Andrew Coleman - Raymond James
Okay. All right.
Tony Best
And we will be taking off our reserve process here shortly. So I mean we differently worked that through December and have the numbers ready for public consumption probably next year.
Andrew Coleman – Raymond James
Okay. That sounds fine and I’ll probably use the rough assumption of kind of similar for last year and we’ll get and account the wells at a later date than probably closer what you guys did.

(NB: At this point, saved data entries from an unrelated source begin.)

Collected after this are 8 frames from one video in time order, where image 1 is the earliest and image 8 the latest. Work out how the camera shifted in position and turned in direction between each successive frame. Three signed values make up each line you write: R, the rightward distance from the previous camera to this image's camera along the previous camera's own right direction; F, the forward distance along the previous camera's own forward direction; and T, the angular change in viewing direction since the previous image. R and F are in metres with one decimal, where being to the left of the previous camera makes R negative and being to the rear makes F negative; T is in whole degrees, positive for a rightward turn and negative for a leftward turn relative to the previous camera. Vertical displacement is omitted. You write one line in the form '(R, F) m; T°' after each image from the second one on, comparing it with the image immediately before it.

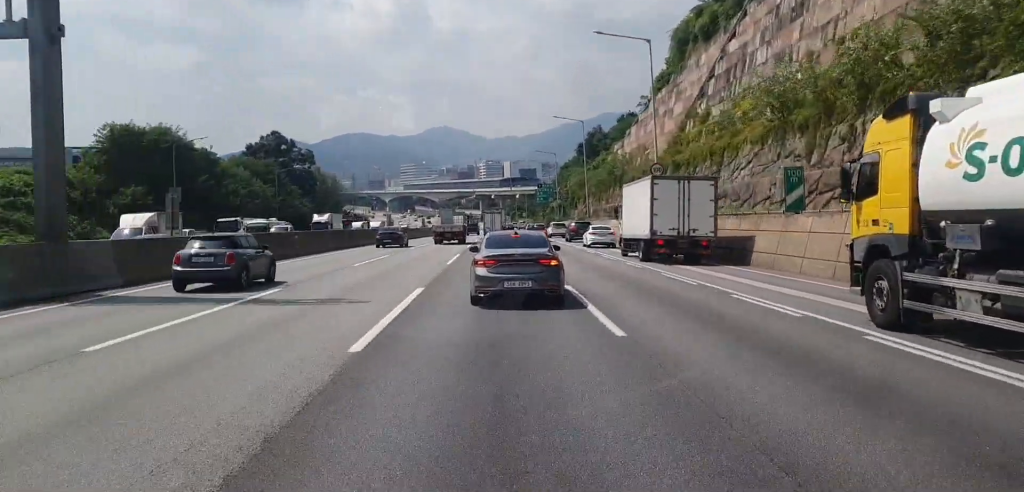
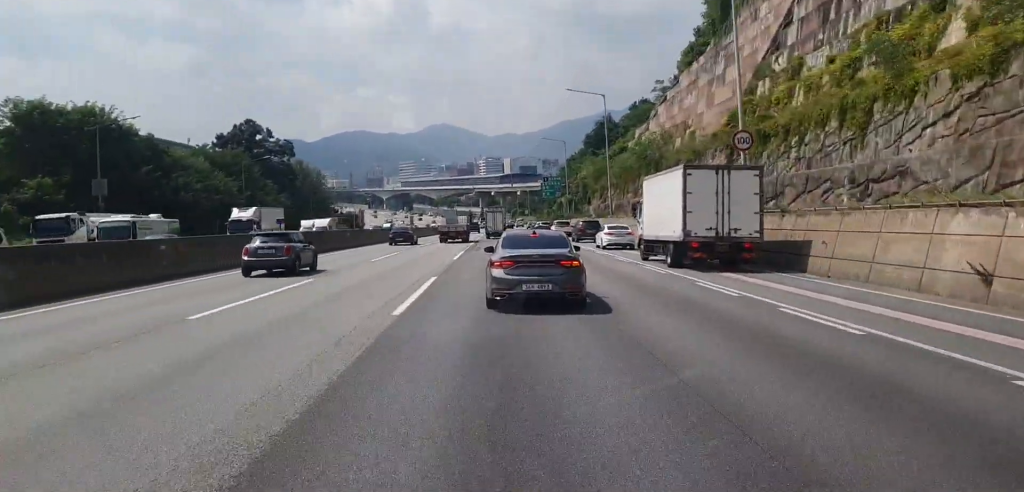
(0.0, +16.5) m; 0°
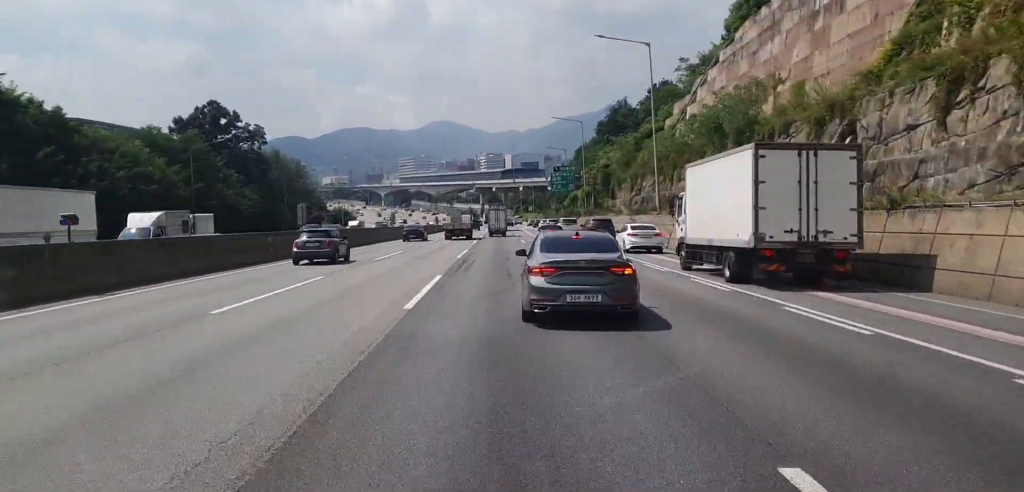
(0.0, +20.1) m; 0°
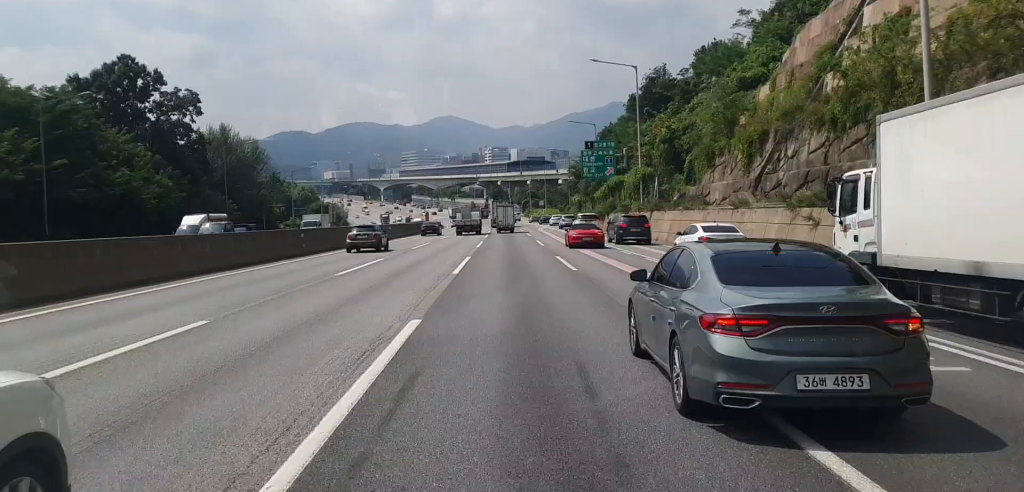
(0.0, +30.3) m; 0°
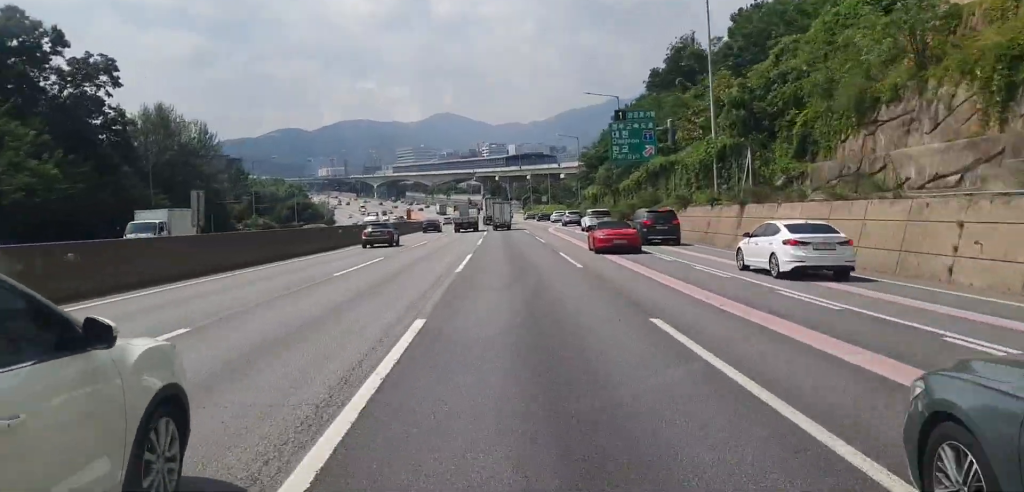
(0.0, +20.5) m; 0°
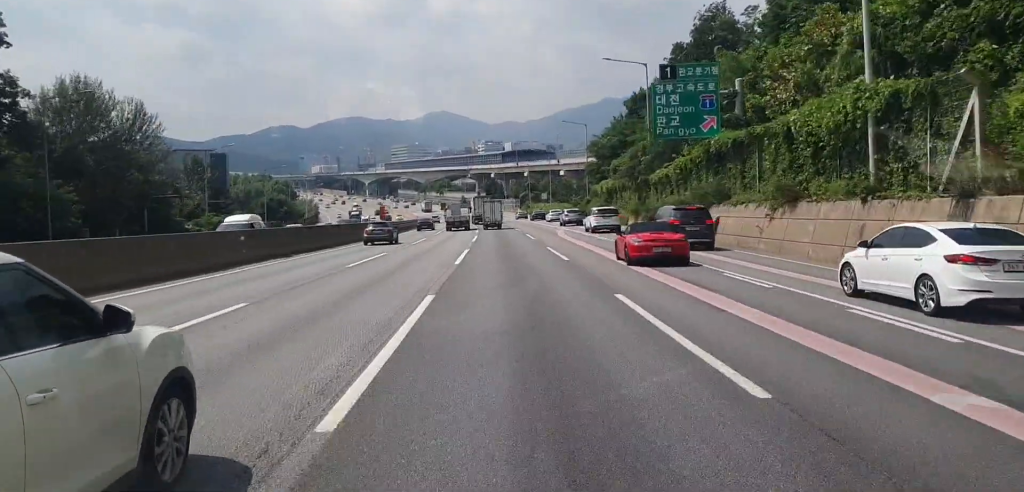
(0.0, +16.7) m; 0°
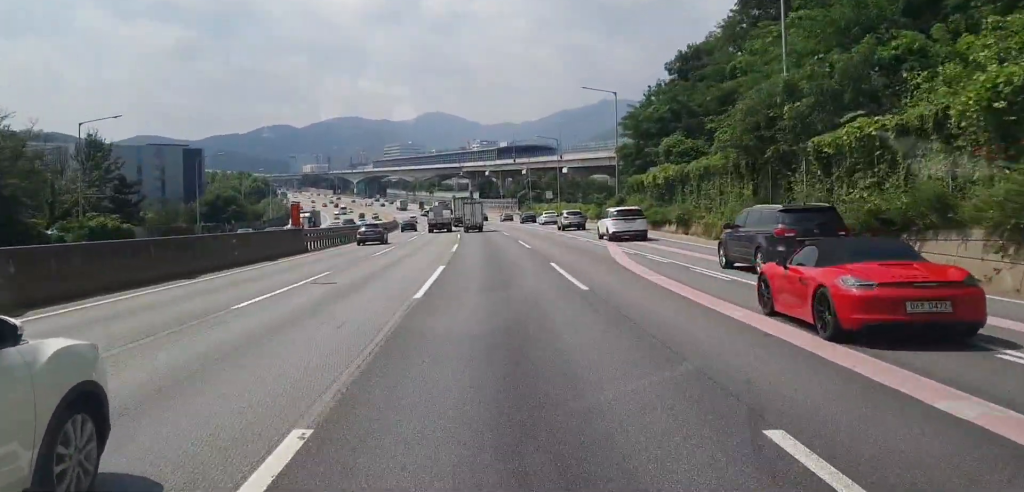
(0.0, +30.2) m; -1°
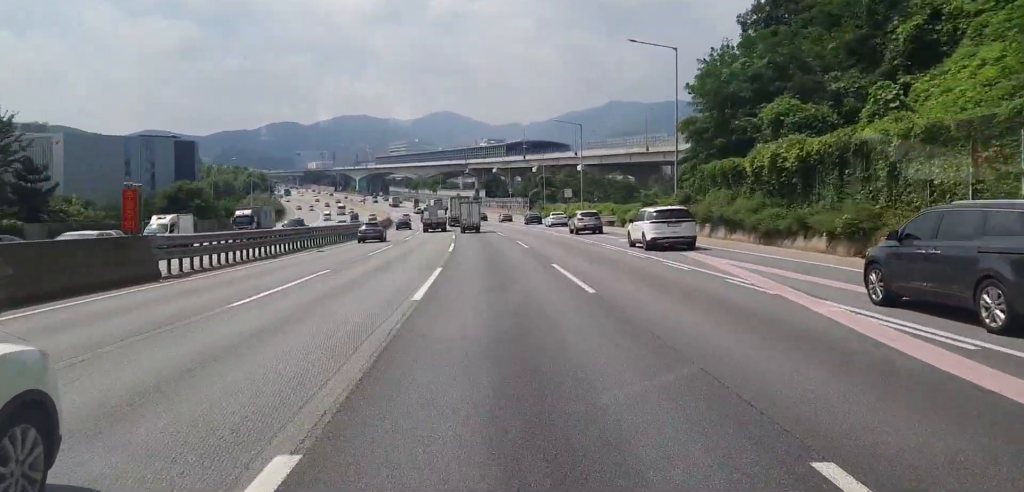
(-0.1, +20.1) m; -1°

And then I guess as look as you’re growing up there in the Bakken, other operators have talked about some of the multiple zones of the Three Forks. Do you have any plans at this point to test those and do you have those on your acreage?
Jay Ottoson
I haven’t had a conversation with our folks recently about multiple Three Forks zones. I think it’s pretty well known that we’re drilling or about to drill Three Forks well down at Stark County.
We’ve got permits out there for that. But in terms of multiple zones and like the Raven area, I haven’t had a discussion with the folks about that.
Andrew Coleman - Raymond James
Okay.
Jay Ottoson
I want to go back on the reserves question, just to make sure it’s clear. The reason the banks raised our borrowing base after mid-year at a point with lower pricing than we had before was because our reserves are going up.
Okay? I don’t want people to think that we don’t know what our reserves are.
But we just don’t guide on that because there’s just too much pud risk in doing that at this point of the year.
Andrew Coleman – Raymond James
Right. And typically in the revolver’s what you’re – you’re only or your cap debt is somewhere like 10% of puds that can be used for the revolver’s or essentially PDP kind of case for RBLs?
Tony Best
There’s no cap but as is the case with everyone’s borrowing base, the puds are not given that much value at all in determining the borrowing base.
Andrew Coleman – Raymond James
Okay. Thank you very much.
Jay Ottoson
Thank you.
Operator
Okay. I’ll now turn the call back over to our speakers.
Do you have any closing remarks?
Tony Best
Yes. This is Tony.
First of all, thank you all for joining the SM Energy Call this morning. We do appreciate your appreciate your interest in our company.
We’re excited about where we are and the plans that we’ve set about that we have in front of us. And we look forward to our next update with you in February.
Thank you for calling in.
Operator
Thank you for participating in today’s conference call. You may disconnect at this time.